Great, but then you will please have to start a thread for your reviews of Juicy Vapor e-liquids here: http://www.ecigssa.co.za/index.php?forums/e-liquid-reviews/. You can check out the format in some of the other threads there.


----------



## Tom (13/2/14)

yes, agreeing with @Matthee 100%. There is a couple of discussions going around if it is worth it for the price, we need the reviews to find out.


----------



## Andre (13/2/14)

@hyphen, here is a thread where you will find more info on Juicy Vapor - also some recommendations on which of the juices are worthwhile: http://www.ecigssa.co.za/index.php?threads/juicy-vapors.906/

Reactions: Like 1


----------



## hyphen (14/2/14)

Even with the 30% discount , it comes to like R230 for 33ml's , reckon im gonna give Vapour Mountain a go until I find a big bag of money and a winning lottery ticket .

Reactions: Like 1


----------



## Andre (14/2/14)

hyphen said:


> Even with the 30% discount , it comes to like R230 for 33ml's , reckon im gonna give Vapour Mountain a go until I find a big bag of money and a winning lottery ticket .
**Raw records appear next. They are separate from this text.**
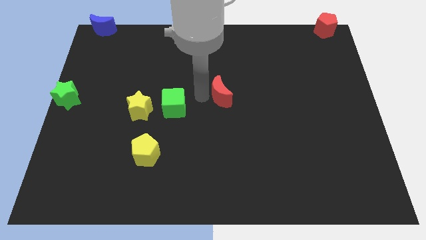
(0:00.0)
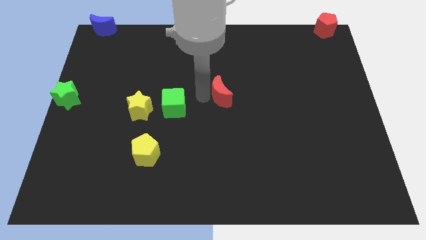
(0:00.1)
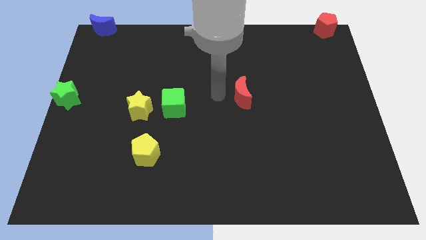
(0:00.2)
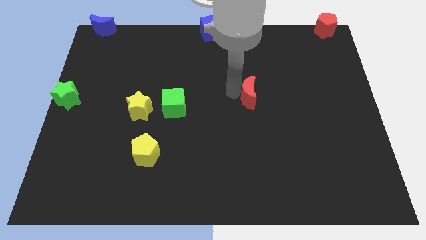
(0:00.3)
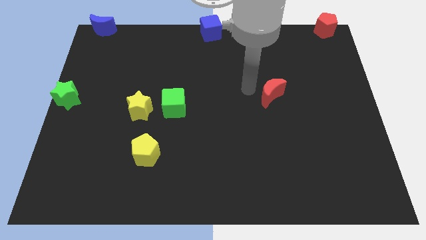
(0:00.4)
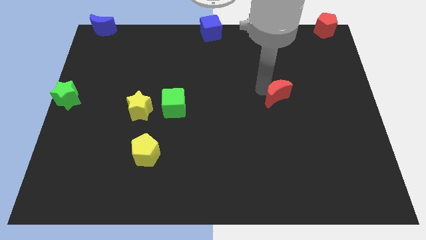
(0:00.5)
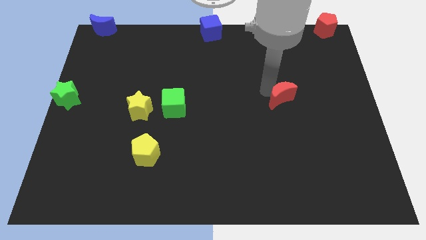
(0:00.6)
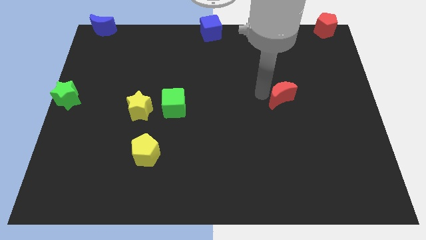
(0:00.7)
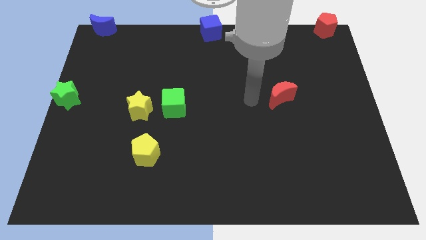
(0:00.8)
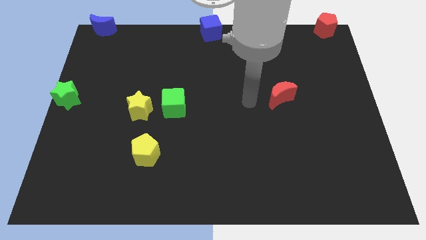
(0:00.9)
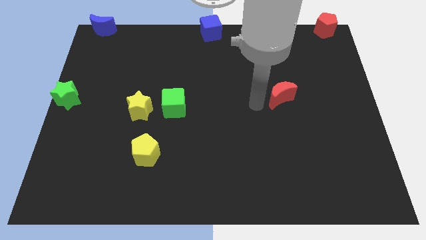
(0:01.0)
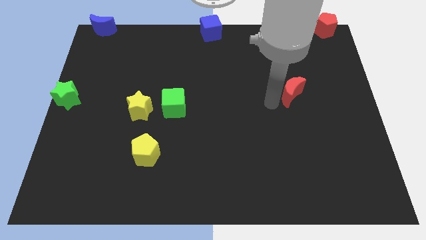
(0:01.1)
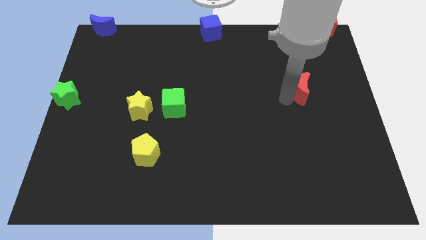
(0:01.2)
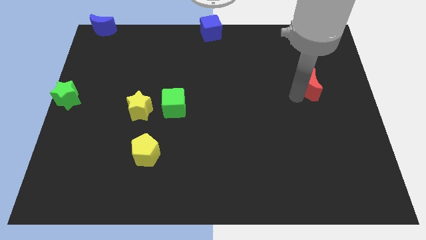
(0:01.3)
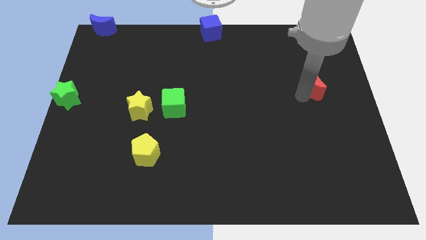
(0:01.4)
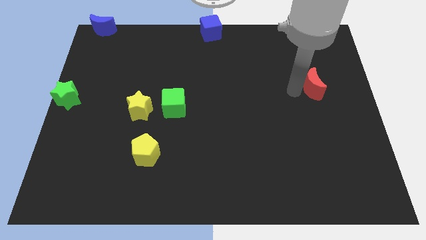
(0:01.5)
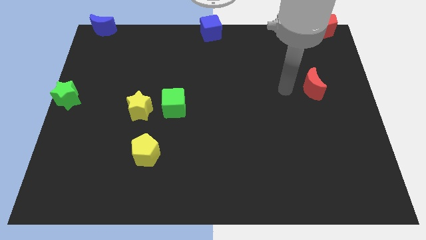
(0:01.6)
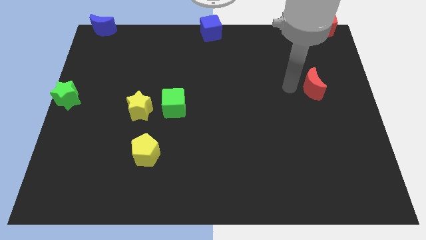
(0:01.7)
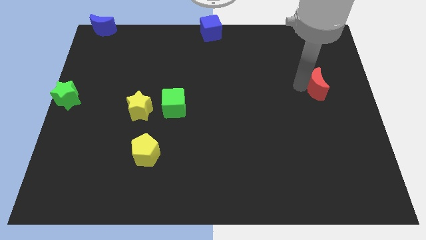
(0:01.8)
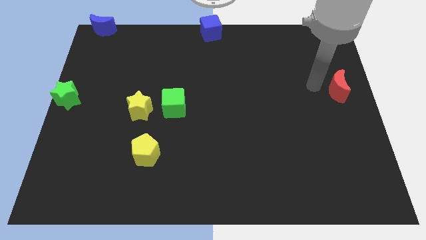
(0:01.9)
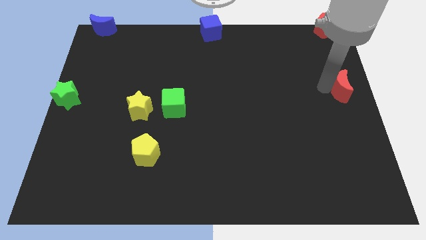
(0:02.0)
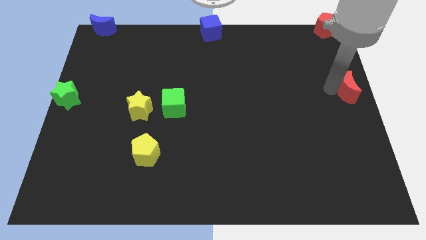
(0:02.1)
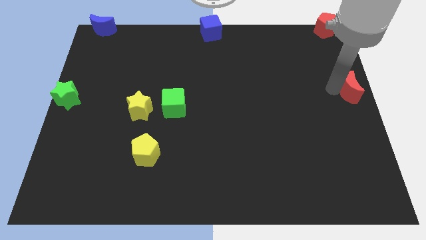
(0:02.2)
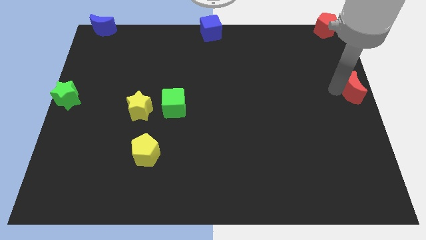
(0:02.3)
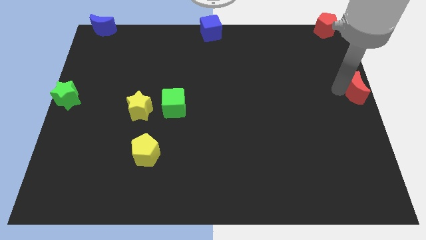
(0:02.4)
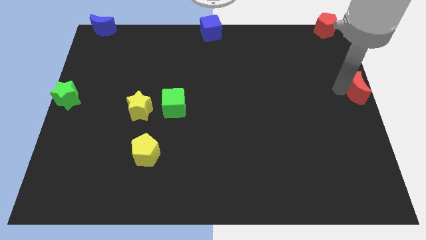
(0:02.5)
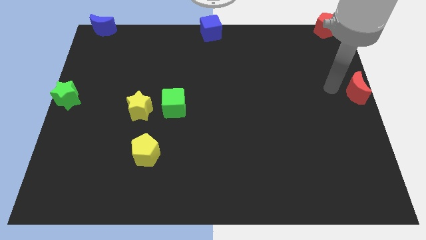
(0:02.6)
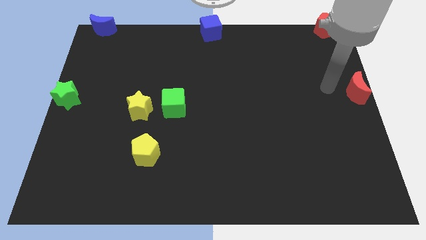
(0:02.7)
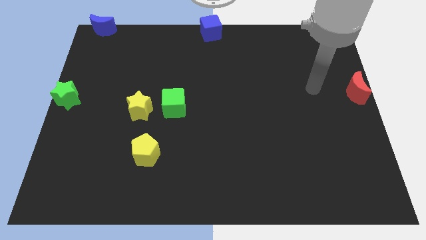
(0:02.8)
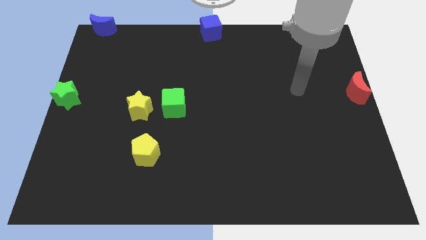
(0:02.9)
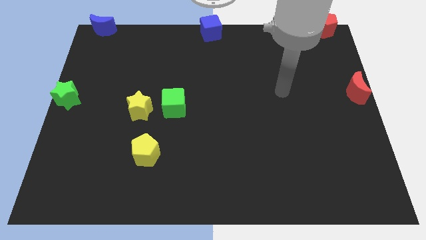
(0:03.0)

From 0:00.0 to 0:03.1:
slide the red moon to the center right

Mark from Juicy Vapor will be at tomorrow's vape meet. Hopefully we shall be able to sample some of his juices. I have ordered a few 12 mls from those recommended by @Zodiac and others, seeing that they are 30 % off and to be able to personally see if they anything near worth the expense. If you want to attend the Cape Vape Meet just post your name at the end of this thread: http://www.ecigssa.co.za/index.php?...-february-2014-at-14-30.760/page-8#post-15426


----------



## Silver (14/2/14)

Good to know @Matthee - and will be waiting for your feedback on those juices after you've tried them...

We need more juice

Reactions: Like 2


----------